[Collection entries]
◇ ◇ ◇ ◇

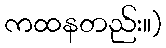
ကထနတည်း။)
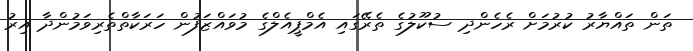
ތަން ތައްޔާރު ކުރުމަށް ރެހެންދި ސުކޫލުގެ ތެރޭގައި އެމްޕީއެލްގެ މުވައްޒަފުން ހަރަކާތްތެރިވަމުންދާ އިރު
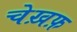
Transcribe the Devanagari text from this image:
चेख़फ़
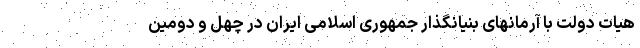
هیات دولت با آرمانهای بنیانگذار جمهوری اسلامی ایران در چهل و دومین
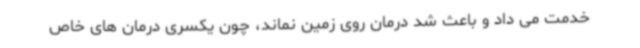
خدمت می داد و باعث شد درمان روی زمین نماند، چون یکسری درمان های خاص
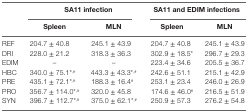
| <ROWSPAN=2>  | <COLSPAN=2> SA11 infection | <COLSPAN=2> SA11 and EDIM infections |
 | Spleen | MLN | Spleen | MLN |
 | --- | --- | --- | --- | --- |
 | REF | 204.7 ± 40.8 | 245.1 ± 43.9 | 204.7 ± 40.8 | 245.1 ± 43.9 |
 | DRI | 228.0 ± 21.2 | 318.3 ± 36.3 | 302.9 ± 18.5* | 296.7 ± 29.3 |
 | EDIM | – | – | 223.4 ± 34.6 | 205.5 ± 36.7 |
 | HBC | 340.0 ± 75.1*,# | 443.3 ± 43.3*,# | 242.6 ± 51.1 | 215.1 ± 42.9 |
 | PRE | 435.1 ± 72.1*,# | 188.3 ± 16.4# | 253.1 ± 23.4 | 246.0 ± 26.9 |
 | PRO | 356.7 ± 114.0*,# | 320.0 ± 45.8 | 174.6 ± 46.0# | 216.5 ± 51.9 |
 | SYN | 396.7 ± 112.7*,# | 375.0 ± 62.1*,# | 250.9 ± 57.3 | 276.2 ± 54.8 |
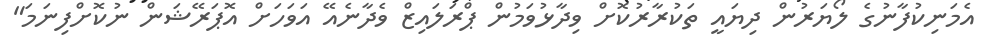
އެމަނިކުފާނުގެ ލޯޔަރުން ދިޔައީ ތަކުރާރުކޮށް ވިދާޅުވަމުން ޕްރަލައިޒް ވެދާނެއޭ އަވަހަށް އޮޕަރޭޝަން ނުކޮށްފިނަމަ"
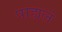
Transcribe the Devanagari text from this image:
पाह्यलं
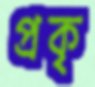
প্রকৃ
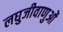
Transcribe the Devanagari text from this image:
लघुजीवाणुओं
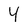
Character: 4
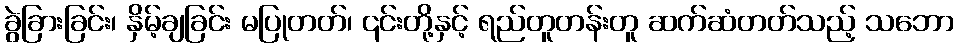
ခွဲခြားခြင်း၊ နှိမ့်ချခြင်း မပြုတတ်၊ ၎င်းတို့နှင့် ရည်တူတန်းတူ ဆက်ဆံတတ်သည့် သဘော
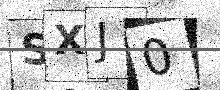
Text: SXJ0
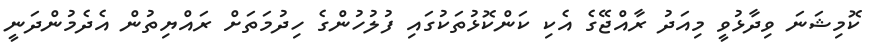
ކޮމިޝަނަ ވިދާޅުވީ މިއަދު ރާއްޖޭގެ އެކި ކަންކޮޅުތަކުގައި ފުލުހުންގެ ހިދުމަތަށް ރައްޔިތުން އެދެމުންދަނީ
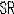
SR
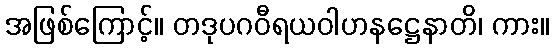
အဖြစ်ကြောင့်။ တဒုပဂဝီရယဝါဟနဋ္ဌေနာတိ၊ ကား။
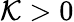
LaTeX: \mathcal{K}>0
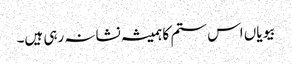
بیویاں اس ستم کا ہمیشہ نشانہ رہی ہیں۔
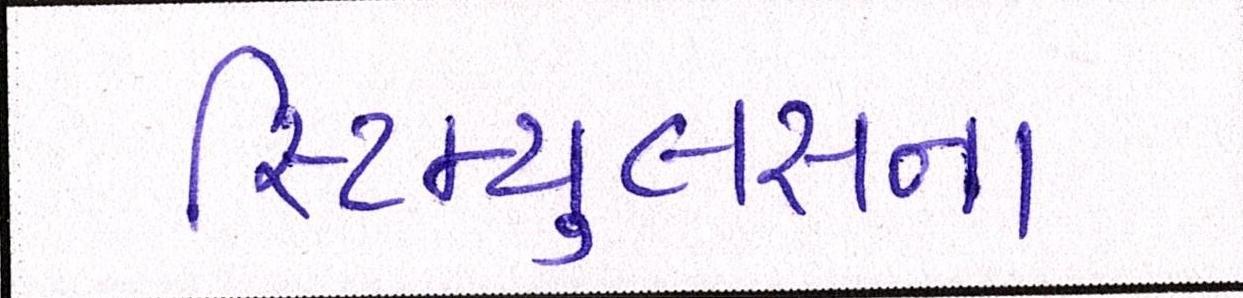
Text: સ્ટિમ્યુલસના
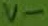
Text: v-
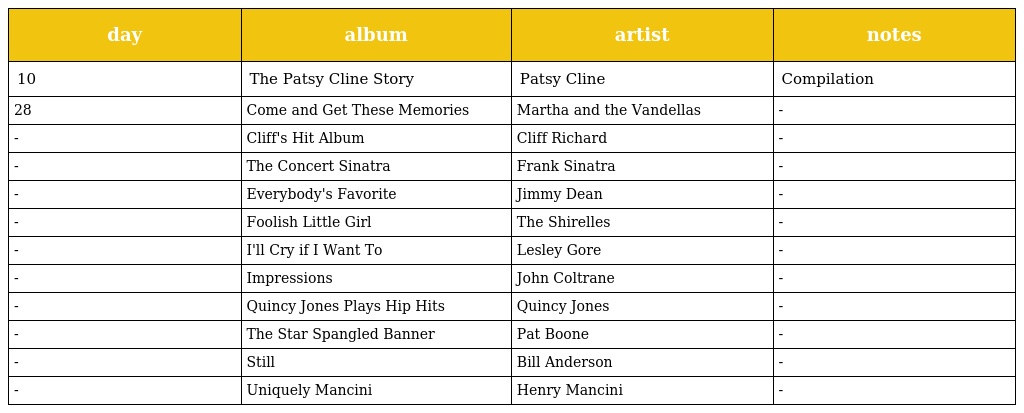
| day | album | artist | notes |
 | --- | --- | --- | --- |
 | 10 | The Patsy Cline Story | Patsy Cline | Compilation |
 | 28 | Come and Get These Memories | Martha and the Vandellas | - |
 | - | Cliff's Hit Album | Cliff Richard | - |
 | - | The Concert Sinatra | Frank Sinatra | - |
 | - | Everybody's Favorite | Jimmy Dean | - |
 | - | Foolish Little Girl | The Shirelles | - |
 | - | I'll Cry if I Want To | Lesley Gore | - |
 | - | Impressions | John Coltrane | - |
 | - | Quincy Jones Plays Hip Hits | Quincy Jones | - |
 | - | The Star Spangled Banner | Pat Boone | - |
 | - | Still | Bill Anderson | - |
 | - | Uniquely Mancini | Henry Mancini | - |
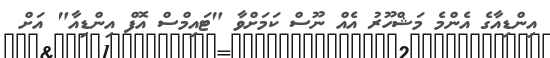
އިންޑިއާގެ އެންމެ މަޝްހޫރު އެއް ނޫސް ކަމަށްވާ "ޓައިމްސް އޮފް އިންޑިއާ" އަށް
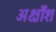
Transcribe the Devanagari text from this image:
अक्षाँश
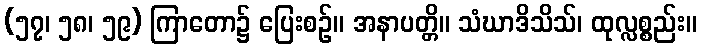
(၅၇၊ ၅၈၊ ၅၉) ကြာတော၌ ပြေးစဉ်။ အနာပတ္တိ။ သံဃာဒိသိသ်၊ ထုလ္လစ္စည်း။
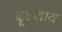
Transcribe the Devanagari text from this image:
दृश्शाय
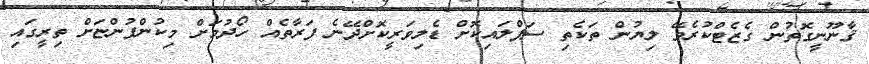
ޤާނޫނީގޮތުން ގެޒެޓްކުރެވޭ ލިޔުން ތަކެތި ސަޕްލައިކޮށް ޑެލިވަރީކޮށްދޭނެ ފަރާތެއް ހޯދުމަށް މިކުންފުންޏަށް ތިރީގައި
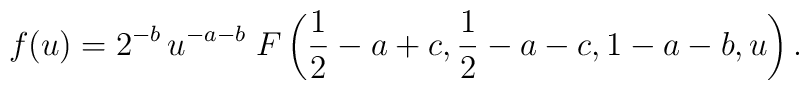
f(u)= 2^{-b}\, u^{-a-b}\; F\left({1 \over 2}-a+c, {1 \over 2}-a-c, 1-a-b, u\right).
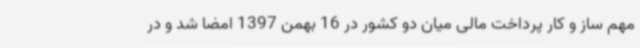
مهم ساز و کار پرداخت مالی میان دو کشور در 16 بهمن 1397 امضا شد و در
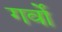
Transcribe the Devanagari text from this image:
गर्वो
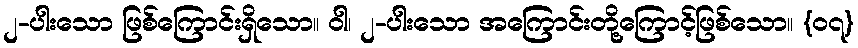
၂-ပါးသော ဖြစ်ကြောင်းရှိသော။ ဝါ၊ ၂-ပါးသော အကြောင်းတို့ကြောင့်ဖြစ်သော။ {၀၇}
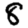
Digit: 8
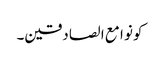
کونو ا مع ا لصادقین۔
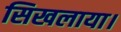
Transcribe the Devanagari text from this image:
सिखलाया।
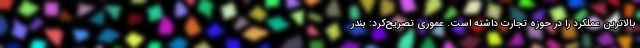
بالاترین عملکرد را در حوزه تجارت داشته است. عموری تصریح‌کرد: بندر
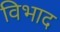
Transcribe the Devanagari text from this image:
विभाद
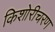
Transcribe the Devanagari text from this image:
किशोरीचरण
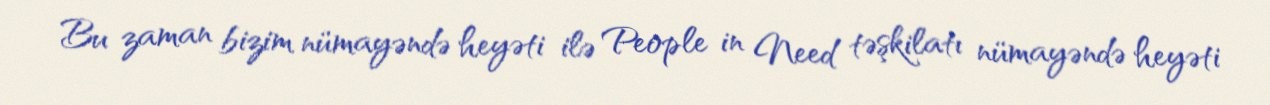
Bu zaman bizim nümayəndə heyəti ilə People in Need təşkilatı nümayəndə heyəti
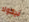
نيكولا
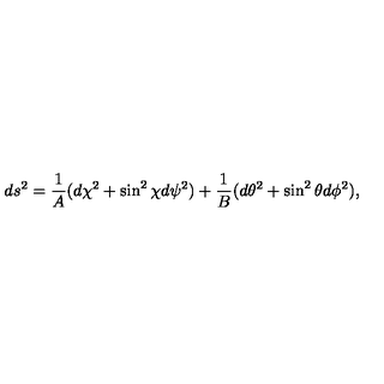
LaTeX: d s ^ { 2 } = { \frac { 1 } { A } } ( d \chi ^ { 2 } + \sin ^ { 2 } \chi d \psi ^ { 2 } ) + { \frac { 1 } { B } } ( d \theta ^ { 2 } + \sin ^ { 2 } \theta d \phi ^ { 2 } ) ,
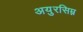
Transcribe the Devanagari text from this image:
अयुरसिम्न
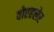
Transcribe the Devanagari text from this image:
वोएहलेर
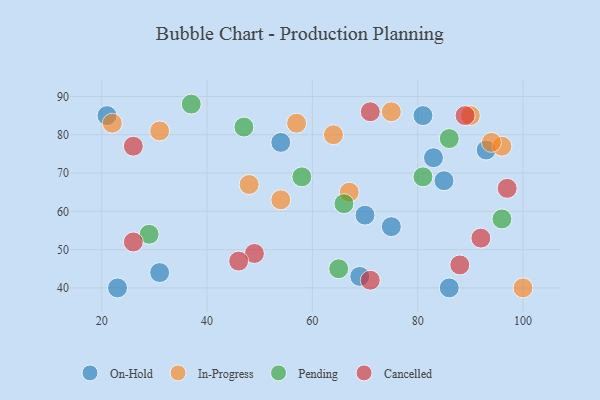
{"axis": {"x": "GDP", "y": "Life Expectancy"}, "legend": ["Cancelled", "In-Progress", "On-Hold", "Pending"], "data": [{"x": "86", "y": 40, "type": "On-Hold"}, {"x": "69", "y": 43, "type": "On-Hold"}, {"x": "75", "y": 56, "type": "On-Hold"}, {"x": "93", "y": 76, "type": "On-Hold"}, {"x": "54", "y": 78, "type": "On-Hold"}, {"x": "83", "y": 74, "type": "On-Hold"}, {"x": "81", "y": 85, "type": "On-Hold"}, {"x": "23", "y": 40, "type": "On-Hold"}, {"x": "21", "y": 85, "type": "On-Hold"}, {"x": "31", "y": 44, "type": "On-Hold"}, {"x": "85", "y": 68, "type": "On-Hold"}, {"x": "70", "y": 59, "type": "On-Hold"}, {"x": "22", "y": 83, "type": "In-Progress"}, {"x": "96", "y": 77, "type": "In-Progress"}, {"x": "75", "y": 86, "type": "In-Progress"}, {"x": "54", "y": 63, "type": "In-Progress"}, {"x": "90", "y": 85, "type": "In-Progress"}, {"x": "94", "y": 78, "type": "In-Progress"}, {"x": "57", "y": 83, "type": "In-Progress"}, {"x": "100", "y": 40, "type": "In-Progress"}, {"x": "48", "y": 67, "type": "In-Progress"}, {"x": "64", "y": 80, "type": "In-Progress"}, {"x": "67", "y": 65, "type": "In-Progress"}, {"x": "31", "y": 81, "type": "In-Progress"}, {"x": "86", "y": 79, "type": "Pending"}, {"x": "29", "y": 54, "type": "Pending"}, {"x": "37", "y": 88, "type": "Pending"}, {"x": "96", "y": 58, "type": "Pending"}, {"x": "66", "y": 62, "type": "Pending"}, {"x": "65", "y": 45, "type": "Pending"}, {"x": "47", "y": 82, "type": "Pending"}, {"x": "58", "y": 69, "type": "Pending"}, {"x": "81", "y": 69, "type": "Pending"}, {"x": "71", "y": 42, "type": "Cancelled"}, {"x": "97", "y": 66, "type": "Cancelled"}, {"x": "49", "y": 49, "type": "Cancelled"}, {"x": "26", "y": 52, "type": "Cancelled"}, {"x": "89", "y": 85, "type": "Cancelled"}, {"x": "92", "y": 53, "type": "Cancelled"}, {"x": "46", "y": 47, "type": "Cancelled"}, {"x": "71", "y": 86, "type": "Cancelled"}, {"x": "88", "y": 46, "type": "Cancelled"}, {"x": "26", "y": 77, "type": "Cancelled"}]}
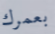
بعمرك
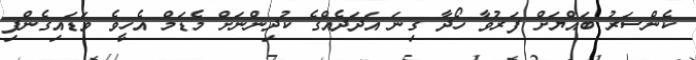
ކެންސަރު ބައްޔަށް ފަރުވާ ހޯދާ ގިނަ އަދަދެއްގެ ކުދިންނަށް މެޑަމް އެހީވެ ވަޑައިގެންފި
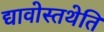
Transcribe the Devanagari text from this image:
द्यावोस्तथेति
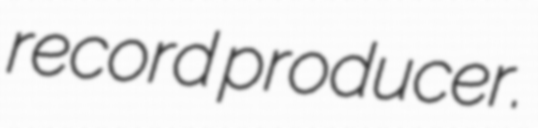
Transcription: record producer.
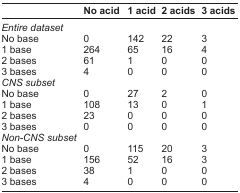
|  | No acid | 1 acid | 2 acids | 3 acids |
 | --- | --- | --- | --- | --- |
 | <COLSPAN=5> Entire dataset |
 | No base | 0 | 142 | 22 | 3 |
 | 1 base | 264 | 65 | 16 | 4 |
 | 2 bases | 61 | 1 | 0 | 0 |
 | 3 bases | 4 | 0 | 0 | 0 |
 | <COLSPAN=5> CNS subset |
 | No base | 0 | 27 | 2 | 0 |
 | 1 base | 108 | 13 | 0 | 1 |
 | 2 bases | 23 | 0 | 0 | 0 |
 | 3 bases | 0 | 0 | 0 | 0 |
 | <COLSPAN=5> Non-CNS subset |
 | No base | 0 | 115 | 20 | 3 |
 | 1 base | 156 | 52 | 16 | 3 |
 | 2 bases | 38 | 1 | 0 | 0 |
 | 3 bases | 4 | 0 | 0 | 0 |
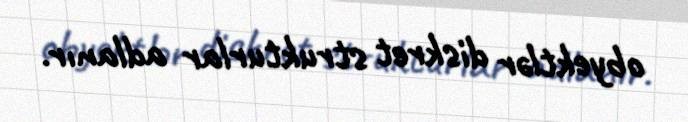
obyektlər diskret strukturlar adlanır.
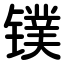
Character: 镤
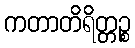
ကတာတိရိတ္တဉ္စ
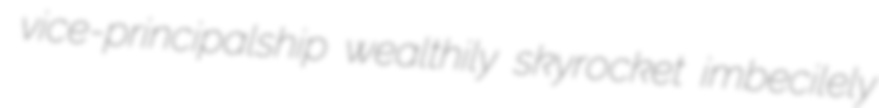
vice-principalship wealthily skyrocket imbecilely
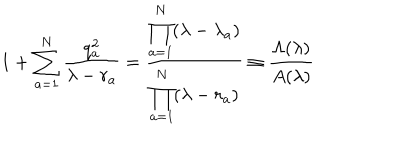
1 + \sum _ { a = 1 } ^ { N } \frac { q _ { a } ^ { 2 } } { \lambda - r _ { a } } = \frac { \displaystyle \prod _ { a = 1 } ^ { N } ( \lambda - \lambda _ { a } ) } { \displaystyle \prod _ { a = 1 } ^ { N } ( \lambda - r _ { a } ) } \equiv \frac { \Lambda ( \lambda ) } { A ( \lambda ) }
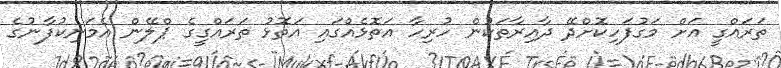
ތަރައްގީ އަށް މަގުފަހިކޮށްދޭ ދާއިރާތަކުން ހުރިހާ އަތޮޅެއްގައި އަތޮޅު ތަރައްގީގެ ޕްލޭން އެމަނިކުފާނުގެ
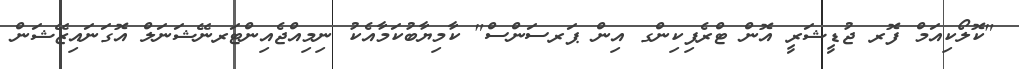
"ކޮލޯކިއަމް ފޮރ ޖުޑީޝަރީ އޮން ޓްރެފިކިންގ އިން ޕަރސަންސް" ކާމިޔާބުކަމާއެކު ނިމިއްޖެއިންޓަރނޭޝަނަލް އޮގަނައިޒޭޝަން
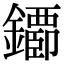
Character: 䥮
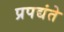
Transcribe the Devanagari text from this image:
प्रपद्यंते
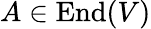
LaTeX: A\in\operatorname{End}(V)
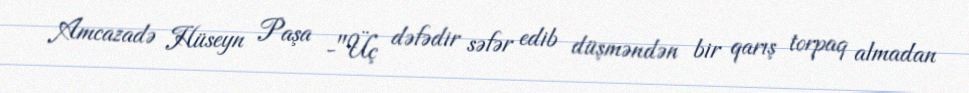
Amcazadə Hüseyn Paşa -"Üç dəfədir səfər edib düşməndən bir qarış torpaq almadan
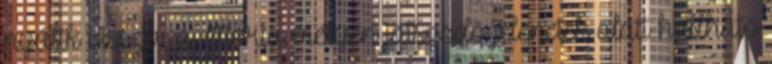
nyúlik vissza, a Mória mélyén játszódó jelenetek alatt hallható
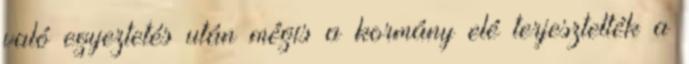
való egyeztetés után mégis a kormány elé terjesztették a
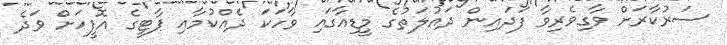
ސަރުކާރަށް ވާގިވެރިވާ ފަދައިން ދައުލަތުގެ މީޑިއާގައި ވާހަކަ ދެއްކުމާއި ޕާޓީގެ އޮފީހަށް ވަދެ
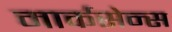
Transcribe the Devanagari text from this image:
मार्कसेन्स
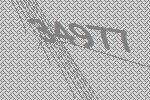
34977
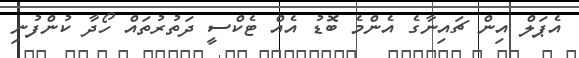
އެޕަލް އިން ޗައިނާގެ އެންމެ ބޮޑު އެއް ޓެކްސީ ދަތުރުތައް ހޯދާ ކުންފުނި
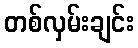
တစ်လှမ်းချင်း
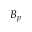
B _ { p }
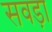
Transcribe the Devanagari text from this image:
सवड़ा
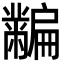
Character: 𪓎
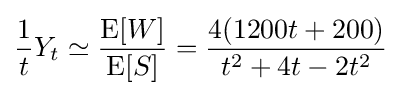
{\frac {1}{t}}Y_{t}\simeq {\frac {\operatorname {E} [W]}{\operatorname {E} [S]}}={\frac {4(1200t+200)}{t^{2}+4t-2t^{2}}}
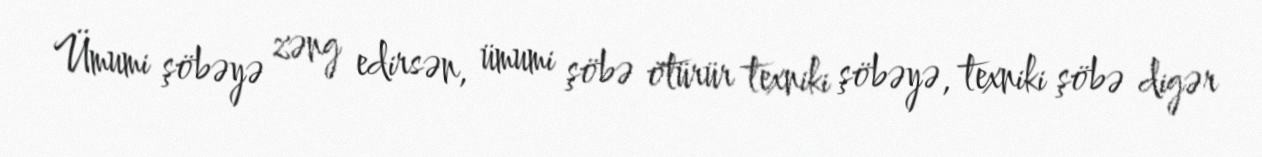
Ümumi şöbəyə zəng edirsən, ümumi şöbə ötürür texniki şöbəyə, texniki şöbə digər
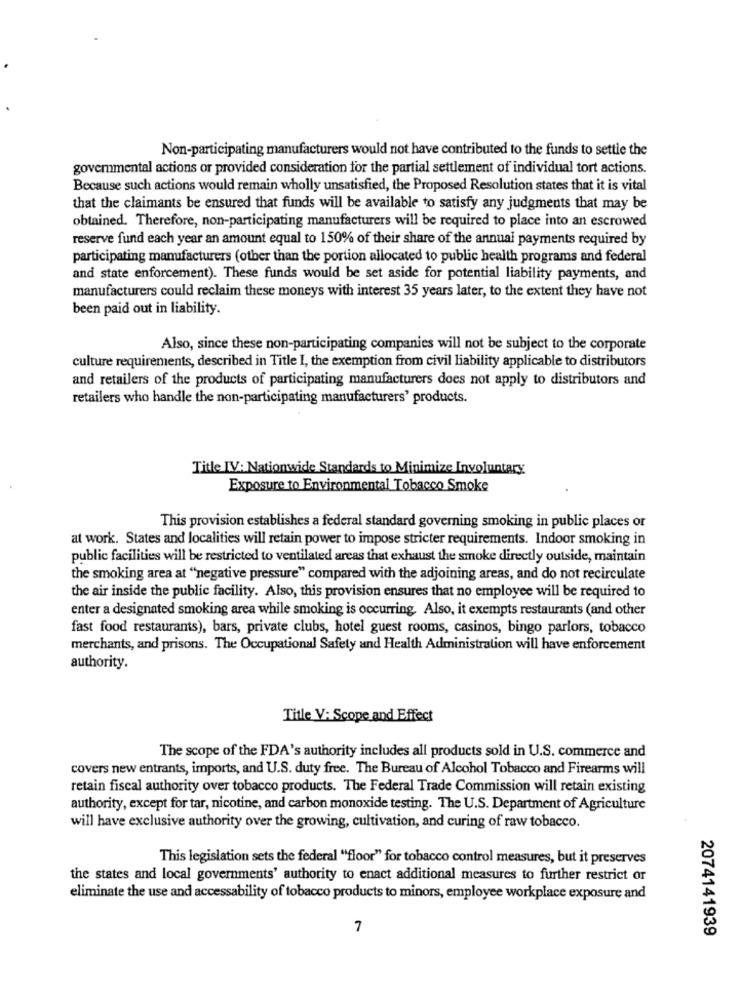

◇ ◇ ◇ ◇

PROBLEM DESCRIPTION: Skip the pictures. Restate exactly the lines from the start of the entries through the line containing "Character: 4", both ends included.

THE ANSWER:
ကထနတည်း။)
ތަން ތައްޔާރު ކުރުމަށް ރެހެންދި ސުކޫލުގެ ތެރޭގައި އެމްޕީއެލްގެ މުވައްޒަފުން ހަރަކާތްތެރިވަމުންދާ އިރު
Transcribe the Devanagari text from this image:
चेख़फ़
هیات دولت با آرمانهای بنیانگذار جمهوری اسلامی ایران در چهل و دومین
خدمت می داد و باعث شد درمان روی زمین نماند، چون یکسری درمان های خاص
| <ROWSPAN=2>  | <COLSPAN=2> SA11 infection | <COLSPAN=2> SA11 and EDIM infections |
 | Spleen | MLN | Spleen | MLN |
 | --- | --- | --- | --- | --- |
 | REF | 204.7 ± 40.8 | 245.1 ± 43.9 | 204.7 ± 40.8 | 245.1 ± 43.9 |
 | DRI | 228.0 ± 21.2 | 318.3 ± 36.3 | 302.9 ± 18.5* | 296.7 ± 29.3 |
 | EDIM | – | – | 223.4 ± 34.6 | 205.5 ± 36.7 |
 | HBC | 340.0 ± 75.1*,# | 443.3 ± 43.3*,# | 242.6 ± 51.1 | 215.1 ± 42.9 |
 | PRE | 435.1 ± 72.1*,# | 188.3 ± 16.4# | 253.1 ± 23.4 | 246.0 ± 26.9 |
 | PRO | 356.7 ± 114.0*,# | 320.0 ± 45.8 | 174.6 ± 46.0# | 216.5 ± 51.9 |
 | SYN | 396.7 ± 112.7*,# | 375.0 ± 62.1*,# | 250.9 ± 57.3 | 276.2 ± 54.8 |
އެމަނިކުފާނުގެ ލޯޔަރުން ދިޔައީ ތަކުރާރުކޮށް ވިދާޅުވަމުން ޕްރަލައިޒް ވެދާނެއޭ އަވަހަށް އޮޕަރޭޝަން ނުކޮށްފިނަމަ"
Transcribe the Devanagari text from this image:
पाह्यलं
প্রকৃ
Transcribe the Devanagari text from this image:
लघुजीवाणुओं
Character: 4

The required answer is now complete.